Roll in the Tanks! Measuring Left-wing Extremism on Reddit at Scale
Utkucan Balcı, Michael Sirivianos, Jeremy Blackburn
TL;DR
This work addresses the gap in measuring left-wing extremism online by presenting the first large-scale analysis of 'tankies' on Reddit. It combines a comprehensive data pipeline with network analysis, BERTopic-based topic modeling, and cross-community lexical alignment (via Word2Vec and MultiCCA) to characterize tankie scale, position, and discourse. Key findings show tankies form a distinct peripheral cluster within the far-left, exhibit rapid MAU growth, migrate from other far-left subreddits, prioritize state-level politics and authoritarian regimes, and display higher toxicity and a propensity to share state-sponsored media. The study broadens extremism research beyond the dominant right-wing focus and provides a scalable methodology for monitoring online extremist dynamics across political spectra.
Abstract
Social media's role in the spread and evolution of extremism is a focus of intense study. Online extremists have been involved in the dissemination of online hate, mis- and disinformation, and real-world violence. While the majority of research has focused on right-wing extremism, recent real-world incidents have highlighted the potential for far-left extremists to engage in violence and cause real-world harm as well.

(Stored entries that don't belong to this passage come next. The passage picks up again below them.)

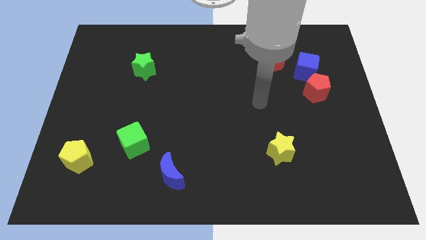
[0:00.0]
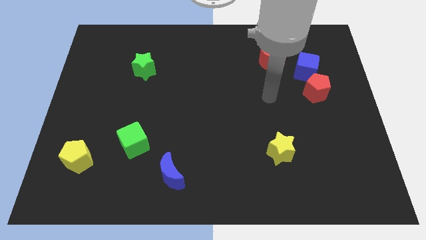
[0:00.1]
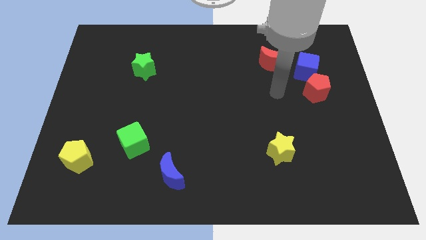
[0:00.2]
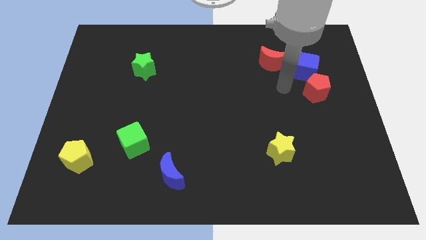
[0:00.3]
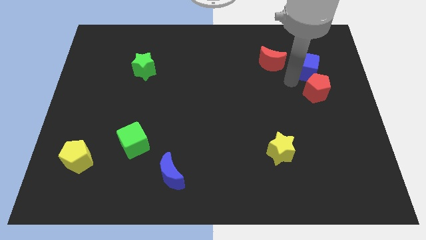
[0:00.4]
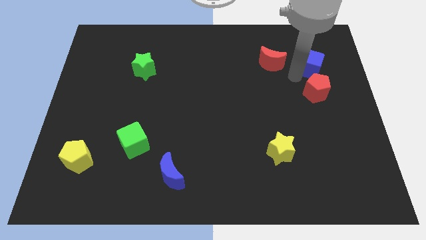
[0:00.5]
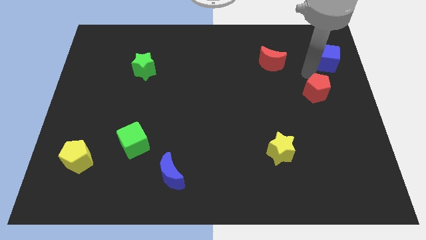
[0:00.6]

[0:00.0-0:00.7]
move the red pentagon away from the blue cube

In this paper, we present the first large-scale measurement of left-wing extremism on social media. Analyzing 1.3 million posts from 53,000 authors from tankie subreddits, we focus on ``tankies,'' a left-wing community that first arose in the 1950s in support of hardline actions of the USSR and has evolved to support what they call ``Actually Existing Socialist'' countries, e.g., CCP-run China, the USSR, and North Korea. Among other things, our analysis reveals that these groups occupy the periphery of the broader far-left community on Reddit, and their discourse distinctively focus on state-level politics and support for authoritarian regimes, rather than on social justice issues. Finally, we show that tankies have high toxicity scores and use pejorative language, mirroring toxicity patterns reported for other online extremist communities. Our findings provide empirical evidence of the distinct positioning and discourse of left-wing extremist groups on social media.